The data frame has to contain a column named “entity_type”. Any columns matching the schema columns will be processed, all other columns will be ignored.
- Parameters
entity_df (pd.DataFrame) – The dataframe with new entities.
- property df¶
Get a dataframe with all entities.
- Returns
schema_df – The dataframe with all entities.
- Return type
pd.DataFrame
- class MiningWidget(**kwargs)[source]¶
Bases:
ipywidgets.widgets.widget_box.VBox
The mining widget.
- Parameters
mining_server_url (str) – The URL of the mining server.
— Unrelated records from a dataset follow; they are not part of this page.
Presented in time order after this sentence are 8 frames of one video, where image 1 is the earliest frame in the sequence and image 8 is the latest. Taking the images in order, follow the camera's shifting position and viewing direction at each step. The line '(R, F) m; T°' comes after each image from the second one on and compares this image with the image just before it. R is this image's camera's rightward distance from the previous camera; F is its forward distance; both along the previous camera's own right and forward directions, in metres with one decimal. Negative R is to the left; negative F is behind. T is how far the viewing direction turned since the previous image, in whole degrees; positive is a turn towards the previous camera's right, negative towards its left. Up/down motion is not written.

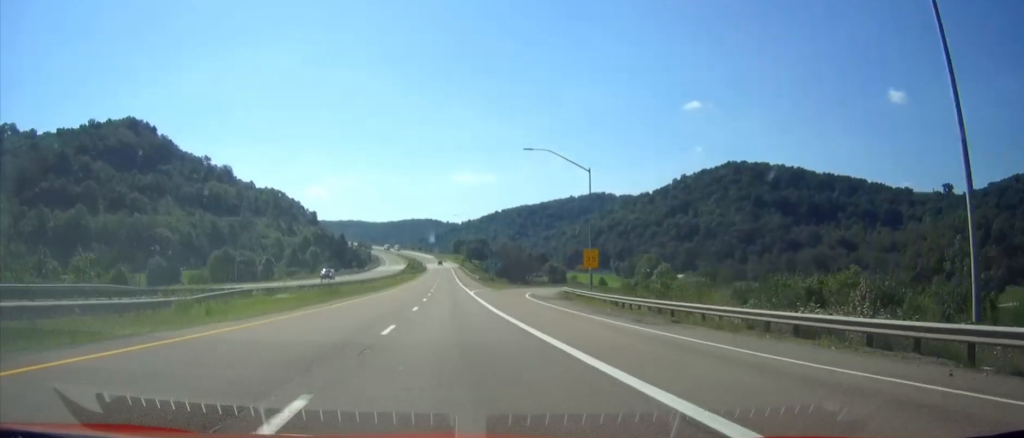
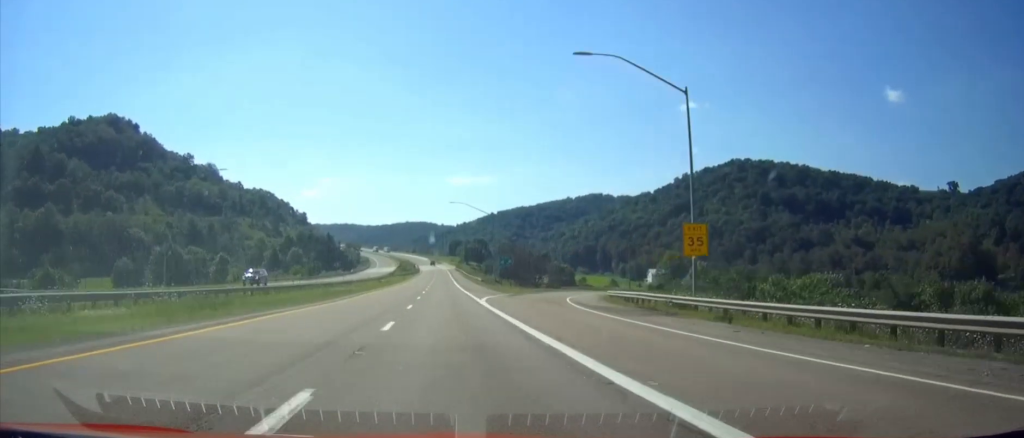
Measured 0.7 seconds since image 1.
(0.0, +25.0) m; 0°
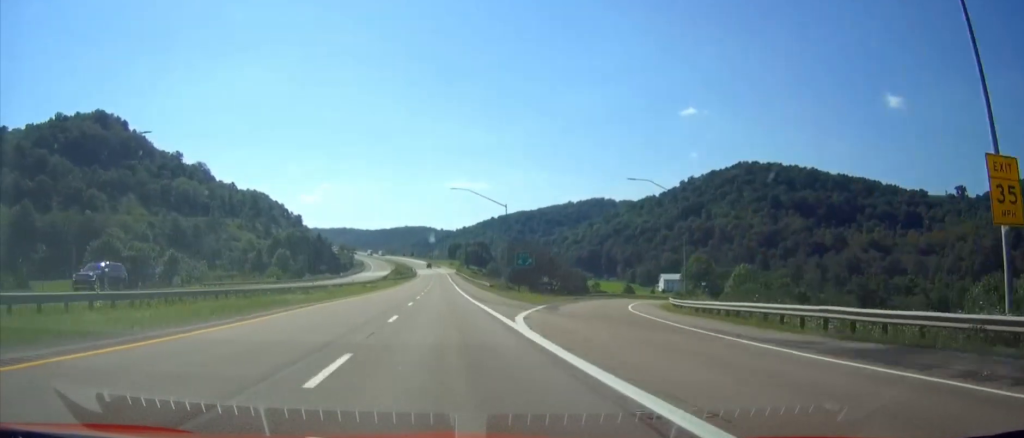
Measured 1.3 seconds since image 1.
(0.0, +20.5) m; 0°
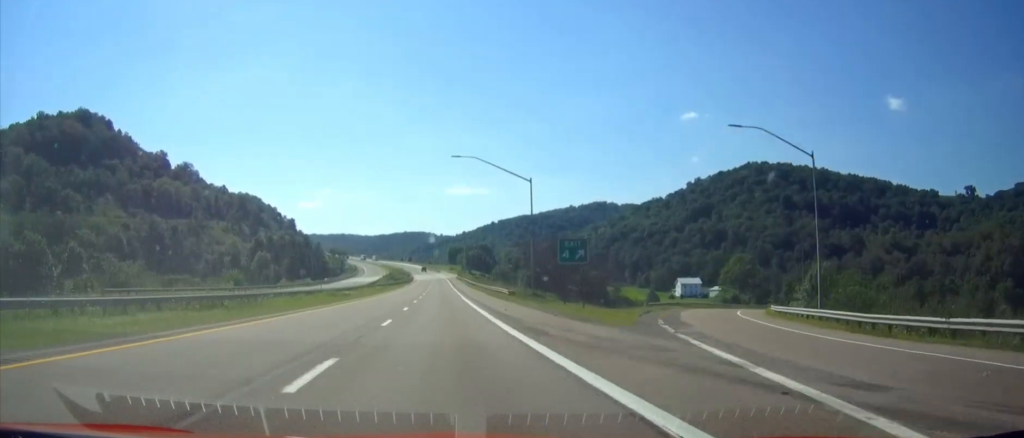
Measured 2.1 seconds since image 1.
(0.0, +25.2) m; 0°
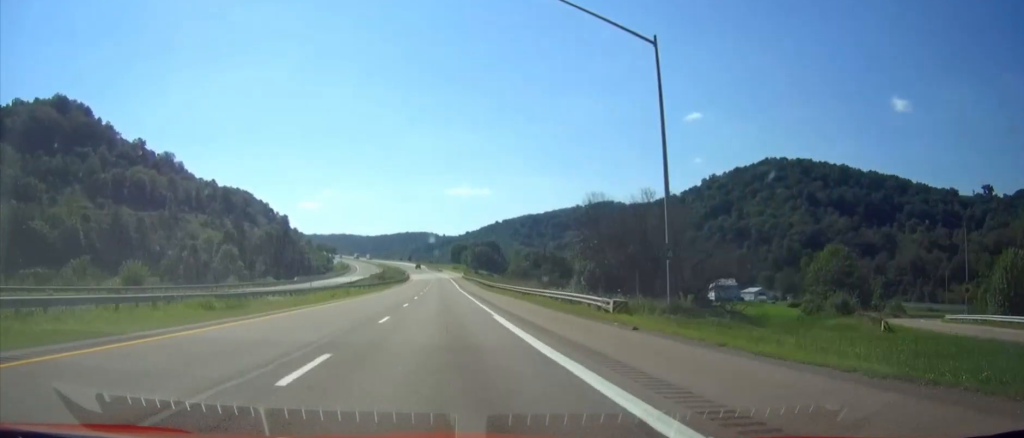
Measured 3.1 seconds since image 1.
(-0.1, +36.9) m; 0°
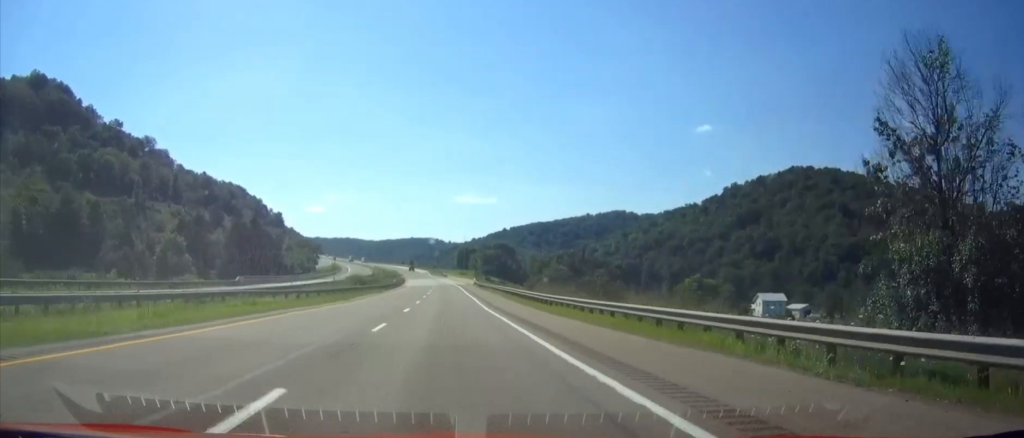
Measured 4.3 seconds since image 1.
(-0.2, +40.4) m; 0°
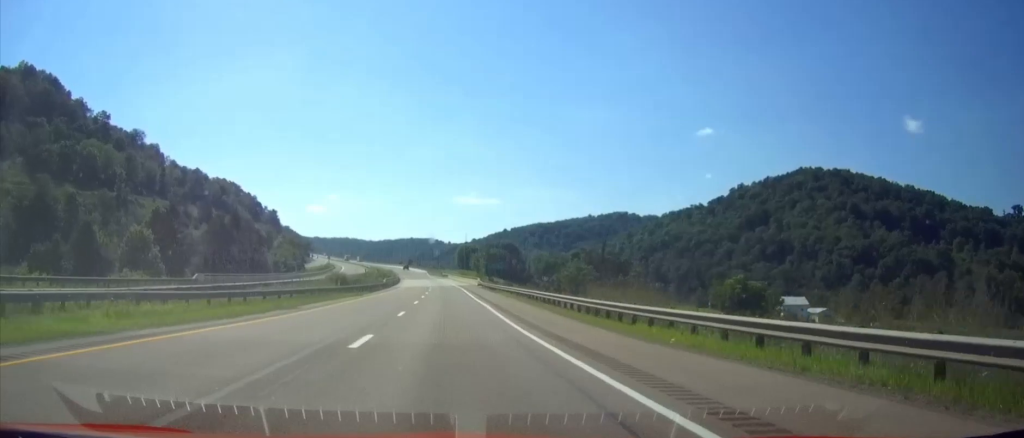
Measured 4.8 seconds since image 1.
(0.0, +16.1) m; 0°
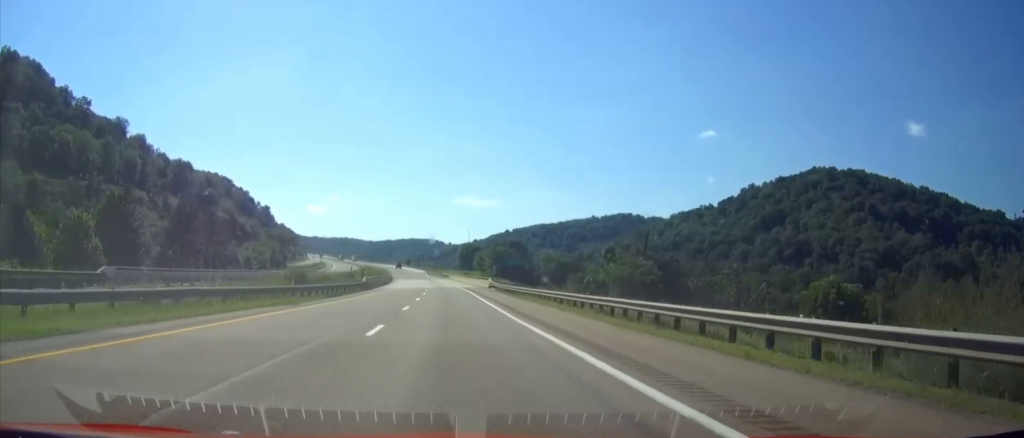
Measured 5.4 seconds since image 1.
(0.0, +23.0) m; 0°

mining_schema (bluesearch.widgets.MiningSchema) – The requested mining schema (entity, relation, attribute types).
article_saver (bluesearch.widgets.ArticleSaver) – An instance of the article saver.
default_text (string, optional) – The default text assign to the text area.
use_cache (bool) – If True the mining server will use cached mining results stored in an SQL database. Should lead to major speedups.
checkpoint_path (str or pathlib.Path, optional) – Path where checkpoints are saved to and loaded from. If None, defaults to ~/.cache/bluesearch/widgets_checkpoints folder.
- get_extracted_table()[source]¶
Retrieve the table with the mining results.
- Returns
results_table – The table with the mining results.
- Return type
pandas.DataFrame
- textmining_pipeline(information, schema_df, debug=False)[source]¶
Handle text mining server requests depending on the type of information.
- Parameters
information (str or list.) – Information can be either a raw string text, either a list of tuples (article_id, paragraph_id) related to the database.
schema_df (pd.DataFrame) – A dataframe with the requested mining schema (entity, relation, attribute types).
debug (bool) – If True, columns are not necessarily matching the specification. However, they contain debugging information. If False, then matching exactly the specification.
- Returns
table_extractions – The final table. If debug=True then it contains all the metadata. If False then it only contains columns in the official specification.
- Return type
pd.DataFrame
- class SearchWidget(**kwargs)[source]¶
Bases:
ipywidgets.widgets.widget_box.VBox
Widget for search engine.
- Parameters
bbs_search_url (str) – The URL of the bbs_search server.
bbs_mysql_engine (sqlalchemy.engine.Engine) – Engine for connections to the bbs_mysql server.
article_saver (bluesearch.widgets.ArticleSaver, optional) – If specified, this article saver will keep all the article_id of interest for the user during the different queries.
results_per_page (int, optional) – The number of results to display per results page.
checkpoint_path (str or pathlib.Path, optional) – Path where checkpoints are saved to and loaded from. If None, defaults to ~/.cache/bluesearch/widgets_checkpoints.
- static highlight_in_paragraph(paragraph, sentence)[source]¶
Highlight a given sentence in the paragraph.
- Parameters
paragraph (str) – The paragraph in which to highlight the sentence.
sentence (str) – The sentence to highlight.
- Returns
formatted_paragraph – The paragraph containing sentence with the sentence highlighted in color
- Return type
str
- print_single_result(result_info, print_whole_paragraph)[source]¶
Retrieve metadata and complete the report with HTML string given sentence_id.
- Parameters
result_info (dict) – The information for a single result obtained by calling _fetch_result_info.
print_whole_paragraph (bool) – If true, the whole paragraph will be displayed in the results of the widget.
- Returns
article_metadata (str) – Formatted string containing the metadata of the article.
formatted_output (str) – Formatted output of the sentence.
- saved_results()[source]¶
Get all search results that were flagged for saving.
- Returns
saved_items_df – A data frame with all saved search results.
- Return type
pd.DataFrame
- set_page(new_page, force=False)[source]¶
Go to a given page in the results view.
- Parameters
new_page (int) – The new page number to go to.
force (bool) – By default, if new_page is the same one as the one currently viewed, the the page is not reloaded. To reload the page set this parameter to True. This is ueful when new results have been fetched and so the view needs to be updated.